Saxby Chambliss thinks America’s surveillance laws are sound and the agencies are following them well.
But Georgia’s senior senator will move a bill this week to beef up privacy and reporting standards in the Foreign Intelligence Surveillance Act.
You can thank Edward Snowden.
The infamous leaker of how the National Security Agency has gathered American phone and email data in its relentless pursuit of worldwide terror has provoked outrage in the public and forced Congress to react, while he himself is on the lam in Russia and branded a traitor by many.
The Senate’s civil libertarians, led by Sens. Ron Wyden, D-Ore., and Rand Paul, R-Ky., are trying to build support for a large-scale overhaul of FISA.
Meanwhile, Chambliss and California Democrat Dianne Feinstein, the leaders of the Senate Intelligence Committee, will put forth some tweaks, acknowledging the public’s desire to act but not poking holes in the intelligence apparatus they see as successful.
It likely will be a breeze in committee, though on the floor it will become a test of how much Snowden’s revelations have changed the Senate’s opinion on surveillance. The baseline is a December extension of FISA amendments that provoked a similar debate.
The Chambliss/Feinstein bill, as described by Feinstein in a rare public hearing of the Intelligence Committee last week, would limit who has access to Americans’ phone “metadata” – the record of incoming and outgoing calls.
It also would require analysts to have “reasonable articulable suspicion” that a number is connected to terrorism before accessing the metadata database, and the bill would expressly prohibit listening to the calls without a warrant.
The Wyden bill, meanwhile, would prohibit any warrantless bulk collection of Americans' phone and email records. The government still could seek records for terror suspects, but would not have access to all that metadata.

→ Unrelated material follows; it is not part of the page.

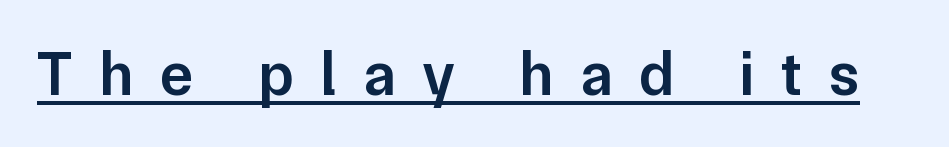
{"serif": "no", "italic": "no", "bold": "semi", "weight": "semibold", "width": "normal", "stroke_contrast": "low", "x_height": "medium", "monospaced": "no", "underline": "yes", "letter_spacing": "wide", "letter_spacing_em": 0.43, "glyph_px": 62}

It would also add an adversarial element to the secretive FISA courts, a “constitutional advocate” to spar with a government attorney before judges who critics claim are too quick to rubber stamp requests.
The Chambliss/Feinstein bill requires the administration to report all phone numbers it searches to the court. Also, statistics on the process would be made public: the number of searches, and the number of leads and warrants that result.
Thursday’s public hearing offered a chance for Chambliss and Feinstein to defend intelligence gatherers. The officials testifying – Director of National Intelligence James Clapper, NSA chief Gen. Keith Alexander and Deputy Attorney General James Cole – claimed the media have misled the public about their programs and said the Snowden revelations had been damaging to national security.
“I think the American people need to hear more about the damage these leaks, including the inaccurate stories, have caused not only our intelligence collection and ability to identify terrorists before they strike, but as well as vital foreign policy partnerships,” Chambliss said.
Chambliss asked Alexander to explain how phone metadata could have led authorities to one of the Sept. 11, 2001, hijackers.
“In my opinion, if we had that prior to 9/11 we would have known about the plot,” Alexander replied.
Wyden sharply questioned Alexander about whether the NSA has ever collected or planned to collect cell tower data to track Americans’ location. Alexander said NSA is not currently collecting that through its metadata program, but the full answer is classified.
That half-acknowledgement of an answer is another example of Snowden fallout, as secrets are more tenuous. In March, Wyden asked Clapper at an open hearing if the government was collecting any type of data at all on millions of Americans, knowing full well through his own classified briefings what the answer was.
Clapper replied: “No sir. Not wittingly.”
Snowden revealed the lie.
“For some, this has led to a lowering of trust in the intelligence community,” Clapper said Thursday. “And we do understand the concerns of the public.”